El quebranto de la red comunicativa entre nosotros, entre la nación colombiana, ha resultado en la consolidación de la violencia como único agente activo y direccionador de la mayoría de las acciones tanto individuales como colectivas. En el futbol, por ejemplo y teniendo en cuenta el caso aquí expuesto, aquel intercambio de sentido, sano y respetuoso, muy pocas veces ha sido empleado y tenido en cuenta como una herramienta fundamental si se quiere en verdad vivir en una sociedad en paz y democrática. Seguramente si esto hubiera sido así, si las barras bravas y otros actores del futbol hubieran visto desde mucho antes en la Comunicación aquel detonador de unión y entendimiento mutuo, Camilo estaría vivo, ahora mismo tal vez mimando a su pequeño hijo y alagando como siempre lo hacía a su señora madre.


Y es que no es solo en el futbol. La violencia, esa que nace donde la Comunicación se estanca, también hace gala de aparición cuando se usa un transporte público; cuando se camina por las calles; desde la misma política mediante la satanización del otro que continua vigente como arma destructora y paradójicamente útil; desde los mismos espacios académicos muchas veces, etc. No se puede seguir así. Hay que parar. Se debe reflexionar.

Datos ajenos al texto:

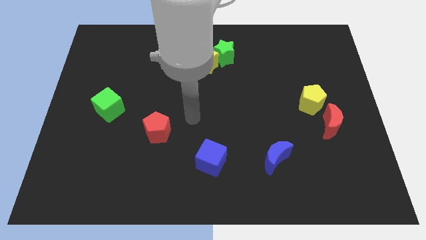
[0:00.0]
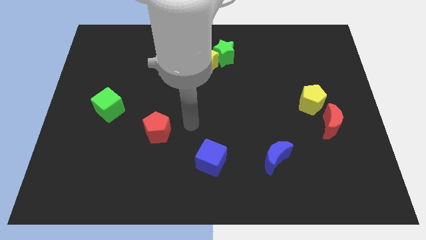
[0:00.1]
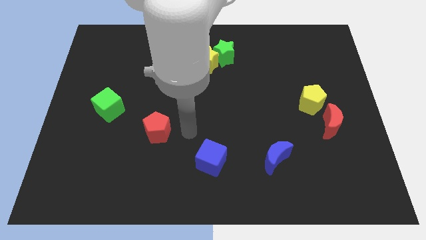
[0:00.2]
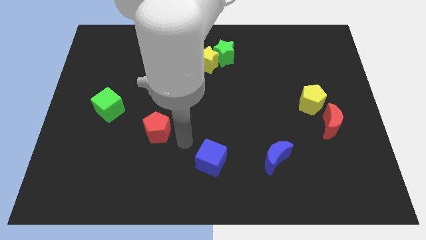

Camilo Perdomo, de 28 años, era un ser soñador, luchador y admirador total del éxito que surge a partir del sacrificio propio. Por ello admiraba a su hermana, que a pesar de ser menor, meses antes recién estrenaba apartamento nuevo como fruto de su esfuerzo mismo. Camilo era un mono (como se le suele decir a la persona de cabello rubio en este país), de aproximadamente un metro con noventa y tres cm, con una motivadora sonrisa y con varios tatuajes que representaban sus más grandes amores. En el costado izquierdo del abdomen tenía el rostro de Janeth, su madre, a quien sin pensarlo, se llevó hasta su tumba literalmente. Camilo era mi primo, un cuarto de mi sangre. Camilo era mi familia.


Incluso hasta Brasil llegó el eco de su muerte pues en un partido en el que hizo presencia la hinchada de Millonarios en el país carioca, evento televisado por la cadena Fox Sports, se leía claramente una pancarta que decía Mono Raza. Al tiempo de su funeral, se escuchó decir de algún amigo cercano que el siguiente fin de semana ambos, Camilo y él, viajarían a Aruba. Pues bien, Camilo partió anticipadamente, no para Aruba, pero sí para un destino mucho más lejano.

Este texto fue escrito el diez de junio, cuando el cuerpo de Camilo completa 22 días encerrado en una bóveda en un popular cementerio del sur de Bogotá, pero su alma sigue en algún extraño paraje metafísico contemplando desde allí la tristeza que ha dejado en cada uno de nosotros. Su asesino sigue libre; su caso impune.

Nota: Primo, que esto sea registro para las futuras generaciones, pero mucho más para tu pequeño hijo. Es todo lo que puedo hacer para honrar tu memoria.